QUINTRIX DISC LOUNGE

QUINTRIX DISC LOUNGE

レポート
2003.04.08
カルチャー|CULTURE

3月8日、宇田川町にカフェ併設型レコードショップ『QUINTRIX DISC LOUNGE』がオープンした。運営するのはQuntrix inc co.。

「単なるレコードショップではなく、お客さんが音楽を通じてコミュニケーションを取れるスペースを作りたかったんです」と語るのは、店長兼バイヤーの藤代桂さん。藤代さんはCD・レコードのディストリビューターとして活躍する傍ら、18歳からテクノDJとしての活動を継続。その後99年9月から02年1月までは下北沢のレコードショップ『TIME TO GALAXY RECORD』を運営していた、知る人ぞ知る人物である。

場所は、井の頭通り沿いのレコード店が複数入居しているビルの2階。広さ18坪の窓が大きく明るい店内にはCD・レコードが壁一面にディスプレイされている。CDとアナログの割合は約5:5で、商品数は500タイトル、6000枚。試聴用ターンテーブル3台とCD試聴機2台が設置されており、もちろん全ての商品が試聴可能だ。

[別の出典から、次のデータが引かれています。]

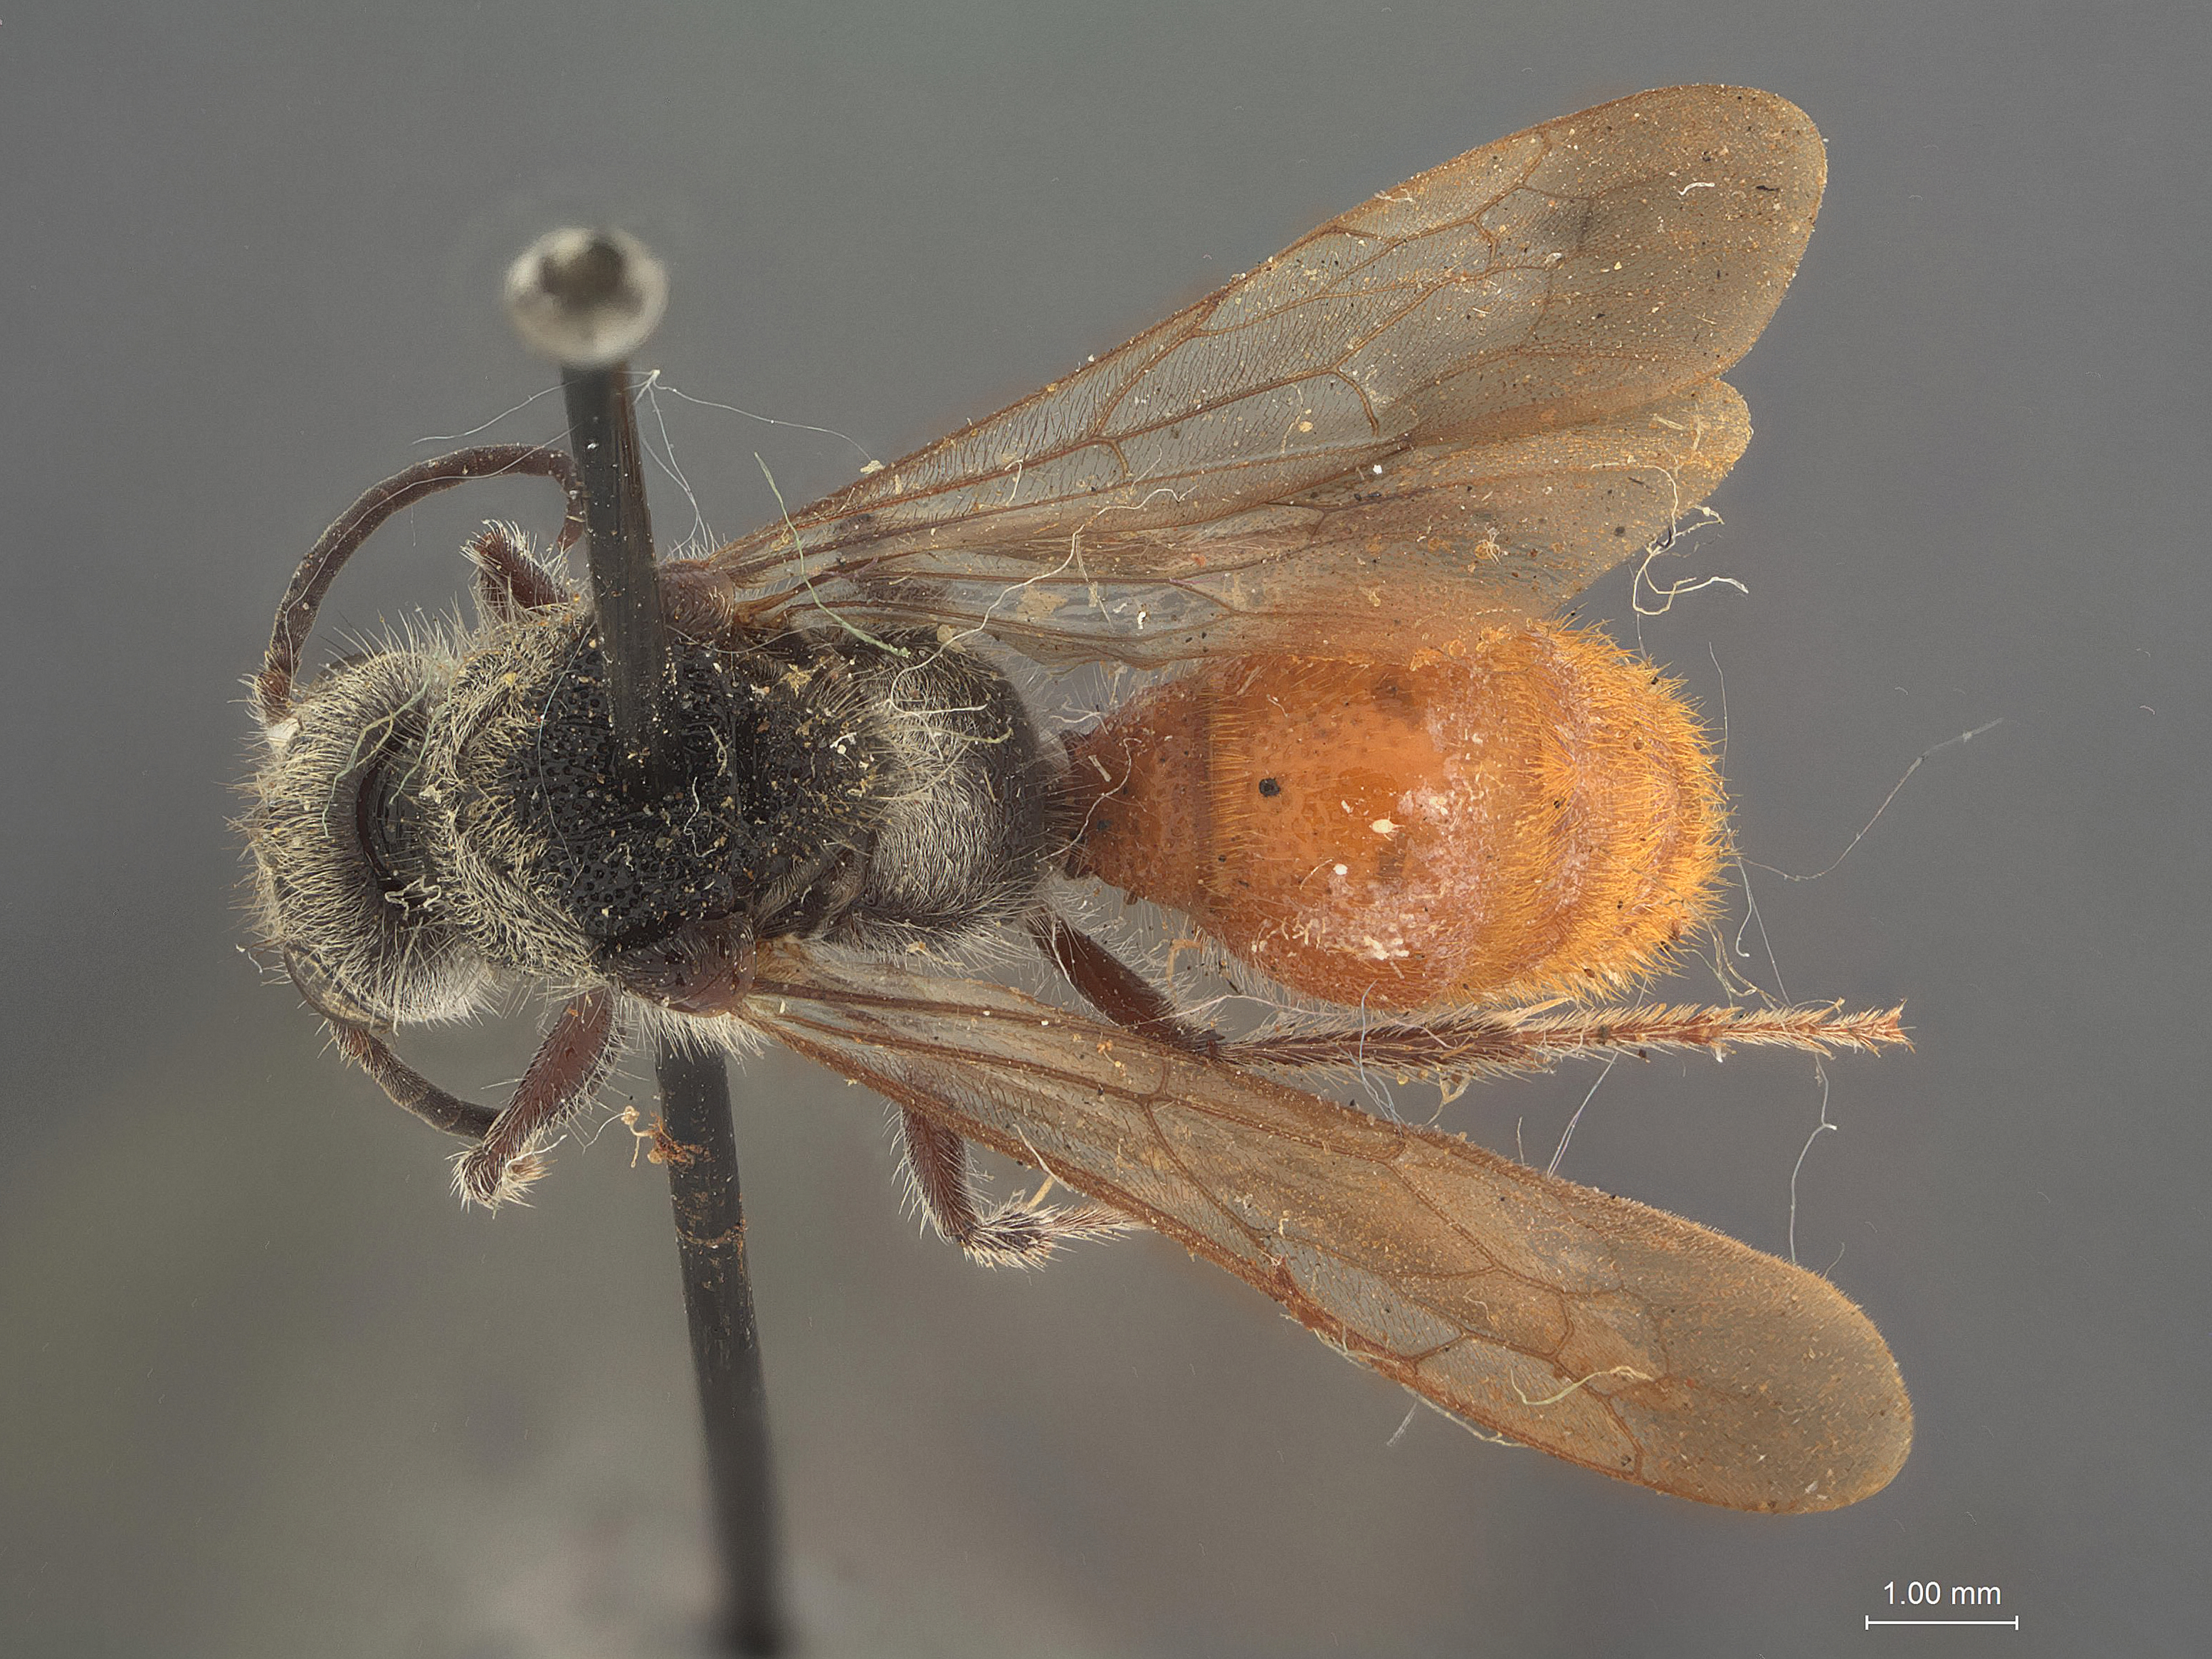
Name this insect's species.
Timulla neobule

取り扱うのはエレクトロニックミュージック全般。いわゆる打ち込み系の音楽全般で、テクノ、トランス、ブレイクビーツ、ラウンジ、エレクトロニカ、ハウスなどかなり幅広い品揃えだが、同店では、さらにダンスミュージックとチルアウトミュージックという2つのカテゴリーに分類。ジャンルにとらわれず、本当に好きな音楽を選んで欲しいという思いからの提案なのだそうだ。

「日本は試聴の文化が浅いため、お客さんは自分の趣味で音楽を選ぶというよりは、ジャケットや店の推薦で買うケースが多いんです。その結果、使い捨て感覚で音楽を消費する状況になってしまっている。当店ではご自身でじっくり試聴して頂き、納得した上で買って頂けるような環境をつくりました。押し売りの時代はもう終わっていますから、ご自身がいいと思われた物をセレクトし、きちんと選べる店を作ればお客さんはちゃんと付いてきてくれるんです」(藤代さん)。

店の奥には9席のカウンターが設置されており、カフェスペースはもちろん、試聴ブースなど店内のどこでもソフトドリンクやお酒が頂ける。喫煙が可能というのも大きな特徴だ。
「昼間は10代〜20代の若い方が中心で、夜は大人の方が仕事帰りに立ち寄ってお酒を飲みながらレコードを買っていかれることが多いですね。お客さんの滞在時間が長いのが特徴で、中には1〜2時間ゆっくり過ごされる方もいらっしゃいます」(藤代さん)。

ここ最近、宇田川町では、内装にこだわったCoqdo RecordsやCDに特化し、シーンやムードといった独自のジャンルによる商品の分類にこだわったLonesome echoなど、従来のCD・レコードショップにはなかった「新しいコンセプト」が続々と登場。さらに、マンハッタンレコードやディスクユニオンといった老舗レコードショップも軒並みリニューアルするなど確実に再編が進んでいる。

さらに、試聴システムを増設したり、内装にもこだわったり、カフェを併設したりといった「+α」の機能を付加するなど、より幅広い消費者に向けて、「開かれた店」づくりをめざす傾向にあるようだ。

ちなみに、今後同店は、海外からDJを招いてイベントを行ったり、全国各地へのレコード・CDの卸しも手掛ける予定だという。